小引:
《写于》这个题目应该曾经在我的日志当中出现过,但是不知为何被删除得一点痕迹都没有。我是个习惯守旧的人,往往能够通过回顾过往一些很简单的细节就获得很无比的感动。许多人称这种态度为虚伪,难道在你们眼中只有善于遗忘悲伤的人才是真实?又或则快乐才是你们做人的根本。
其实关于这一点我不再愿意解释和否认,因为在我看来,人最难得得不是对光辉的过往不能忘怀,而是在许多年以后,还依旧能够用过完的心思来对待过往的经历。
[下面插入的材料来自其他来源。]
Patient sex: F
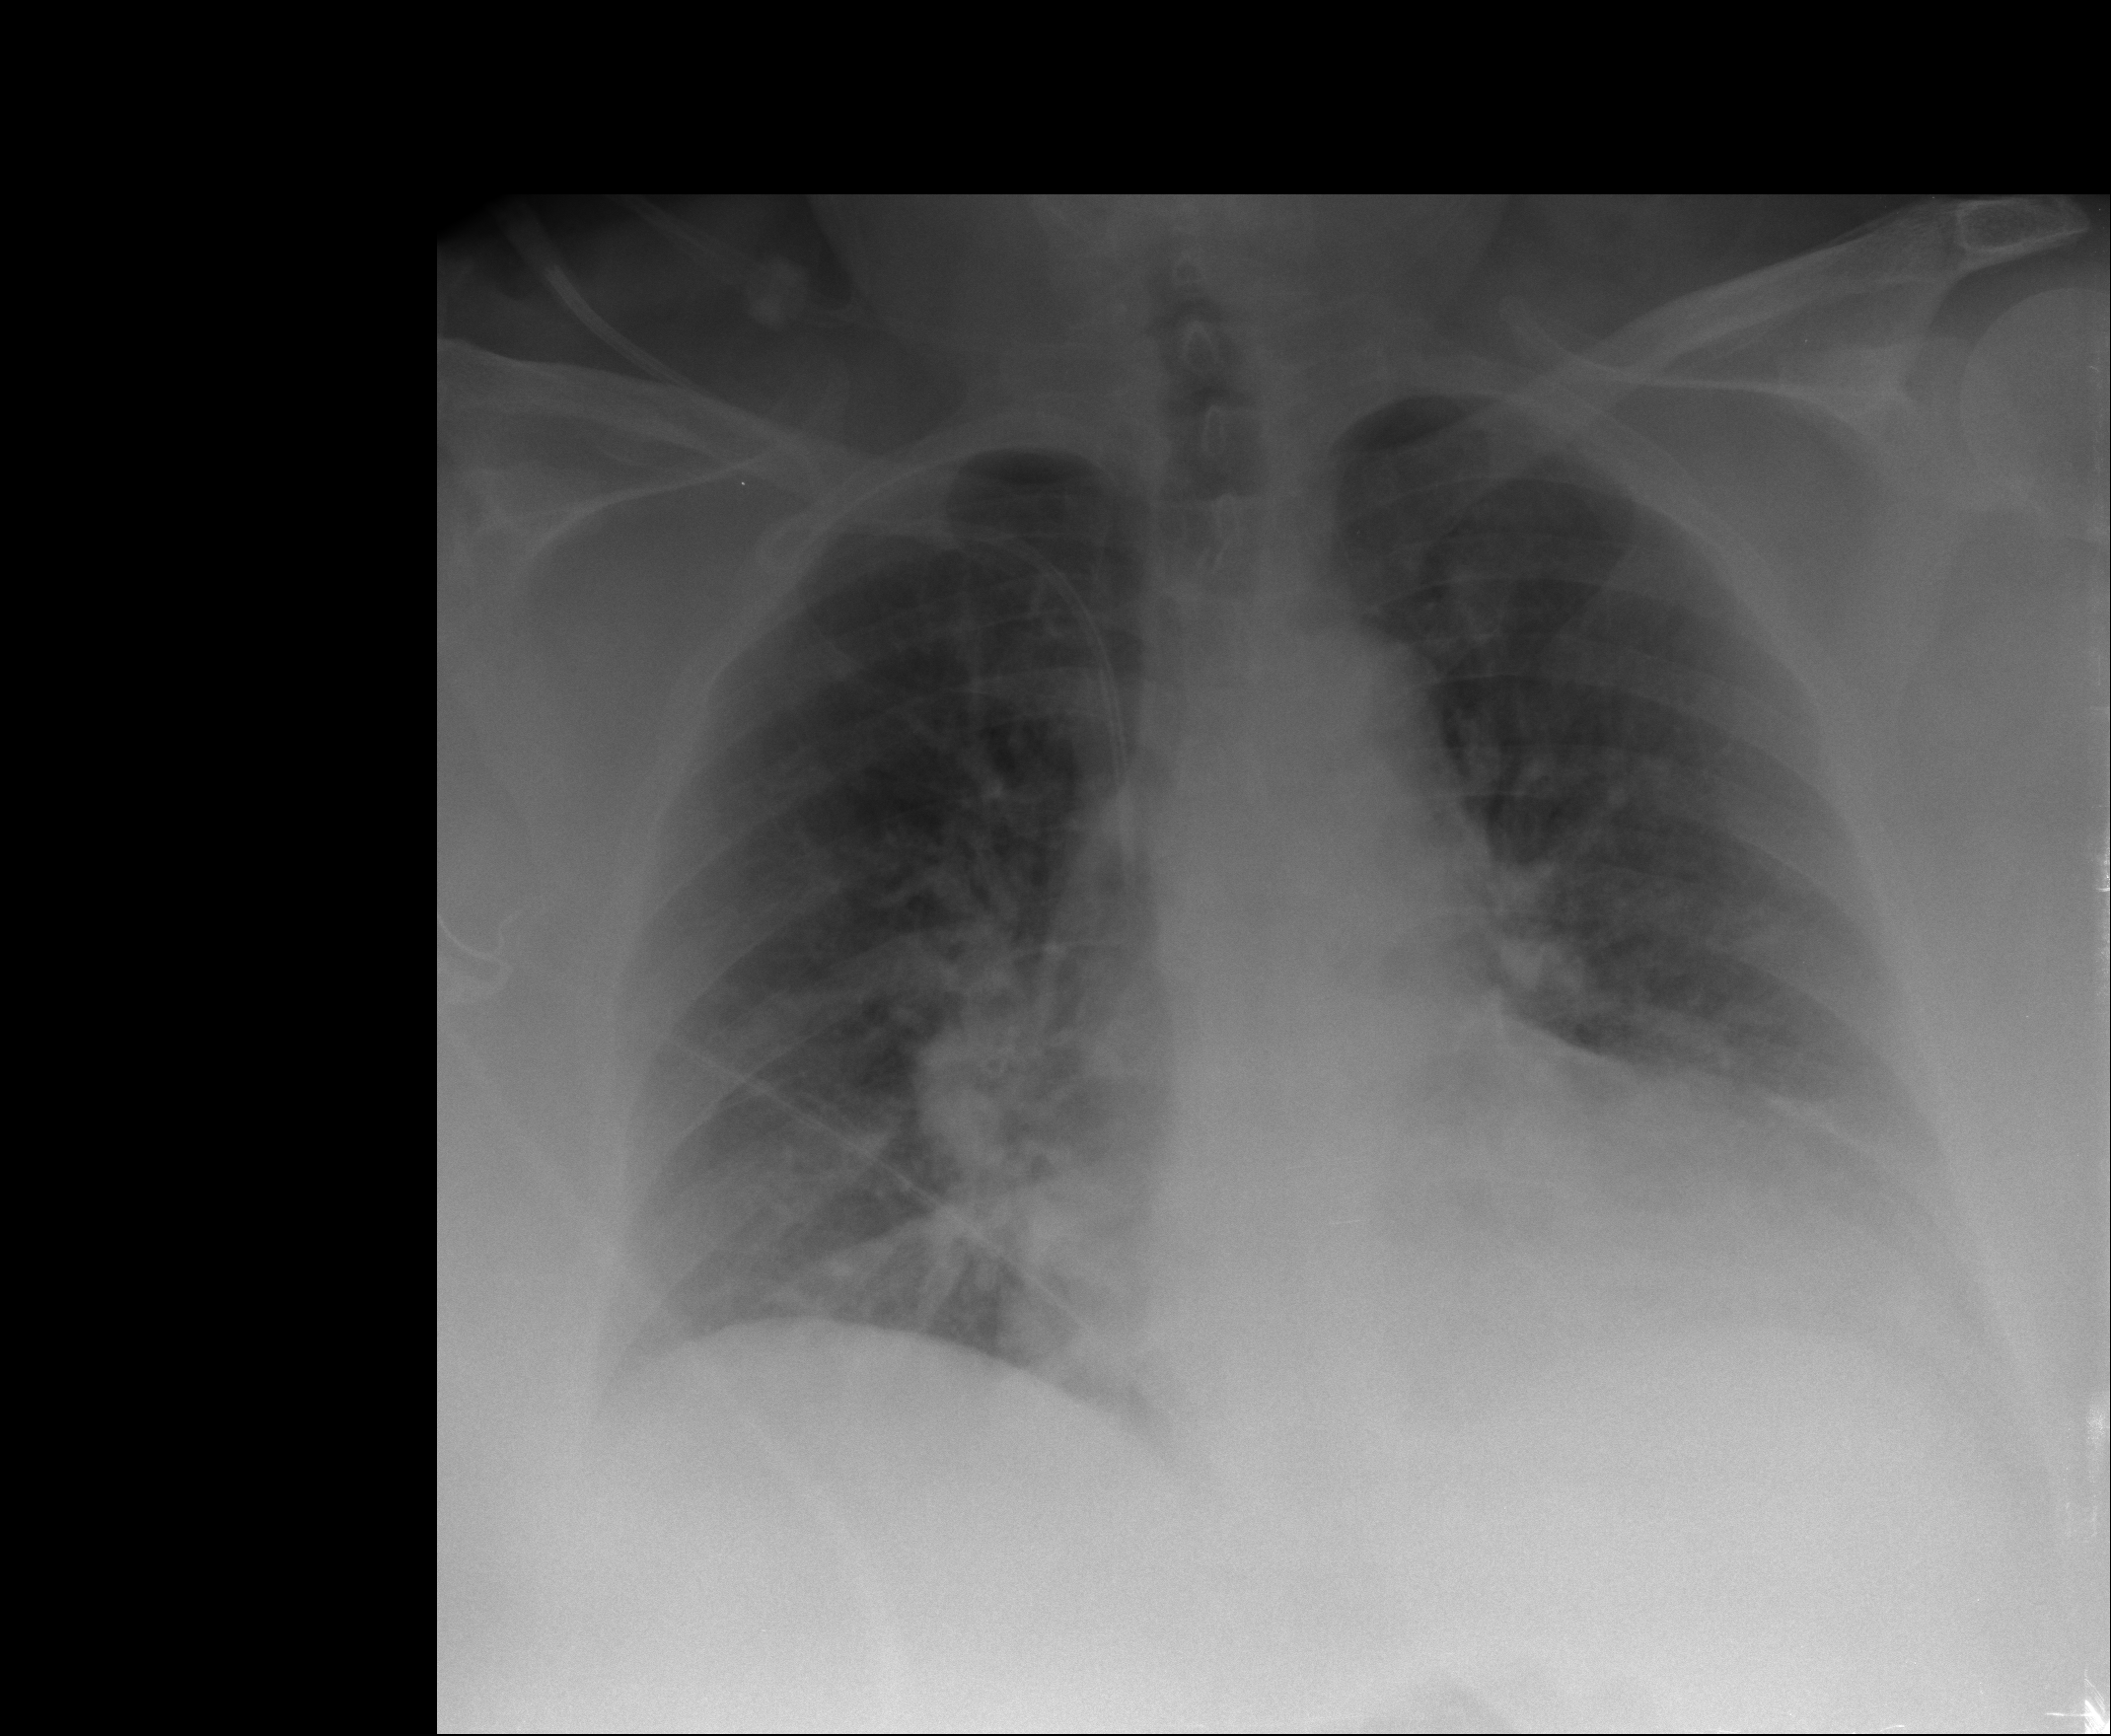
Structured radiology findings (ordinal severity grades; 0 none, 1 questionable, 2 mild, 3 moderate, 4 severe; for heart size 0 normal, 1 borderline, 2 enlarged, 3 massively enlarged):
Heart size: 1
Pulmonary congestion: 2
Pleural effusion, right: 0
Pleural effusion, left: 2
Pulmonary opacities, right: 0
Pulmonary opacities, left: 0
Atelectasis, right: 1
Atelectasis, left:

当然这种现象,在某些人的眼里,会有另外一个称呼。固执。
有一次不小心在百度讨论吧看到了张敬轩在一次演唱会上关于这首歌演唱的一些故事,现在抄录下来,至于他说的方法是否属实和有效,相信比我更有眼光的你应该更能见仁见智:
“1997年开始,我在广州的一些西餐厅或者酒吧里边唱歌。我记得有一个星期,一位女士自己包下了一张台,点一些歌让我唱给她听。我收过她的点唱纸,她说:“我的丈夫因为外遇而离开了我,有什么歌可以反映我此刻的心情呢?”我想了很久,选了以下这首歌给她。其实,我希望在我唱歌的时候可以传递这样的信息给大家:无论是他自愿离开你还是因为有了新欢而离开你,这是因为上天觉得这个人还不是最适合你。当大家有类似经历的时候可以做的有两件事,一是听林忆莲的歌;二是等,等一个真正心爱你的人出现。”
恐怕自己有些得意的原因还不止于此,连丢了整整一年的日志都有办法找回来,看来我的《春城往事》要开笔并不难。
张彧,2012年1月20日,6时。
有人说,常听听音乐可以让人忘记一些不开心的事情,我觉得不一定。不然这个世界上的碟片就不止卖现在这个价钱。从来含着止痛药的胶囊是要比一般的胶囊要贵上一倍,或者以上。人之所以经常碰到不开心的事情终其原因是心里有太多想得到而得不到的东西。视这些“东西”的大小和数量而定,如果不足可以叫做不知足;如果很多,那么就是贪婪。但我有自己的看法,我觉得不论大小多少都应该叫做孽欲。我常常思考的一个问题,一个人活在人世间是一件开心的事情还是一件痛苦的事情?因为我身边太多这样反面的例子。于是看似被人牵着鼻子走的我根本找不到合理的答案,哪怕直到现在活了整整24年。其实一个人开不开心,或者痛不痛苦,可能并不是最重要的事情。因为有时别人也会这样想,看到我们不开心或者不幸福,他们会无偿地拿来当做衡量自己幸福与否的标尺。说得难听一点,是被别人的感性利用了。但有朋友说这种态度其实是自我安慰,或者自我蒙蔽。这一点我承认,但不承认这是虚假。
因为重要的是我们曾经活着。至于有没有伤感的情歌或者如火如荼的恋爱经历,还是为人处世该闪出怎样耀眼的光芒,恐怕都是其次。
这个日志不知道会写到什么时候,但现在开了头应该就会一直坚持下去。我习惯早起,有时太阳还未出门,我就已经在上班的路上。每天路过那么多条不同的道路,看过那么多复杂的街景,我真的差点每天望着的这个人来人往的人世间,可以抵过一个城市的繁华。眼睛也许不会累,毕竟新鲜的事情每天都会发生,但是心会因为重复关注一点而感觉到疲惫。关于亲情,在2009年结束之前,我曾默默地向大地和天空祈祷,愿我的亲人朋友,以及别人的亲人朋友都能够身体健康;关于爱情,却希望往事能够随风而化。越是接近岁末人的心越乱,当初许愿的时候知道这是个奢望,现在发觉自己不是神也无权给他们幸福,我竟还没有死心。
可我有心,难说有这个就已足够。但是说到底,“奢望”这个东西不好,看来害己,其实终究也可以终究害人。更何况这话是从我口出。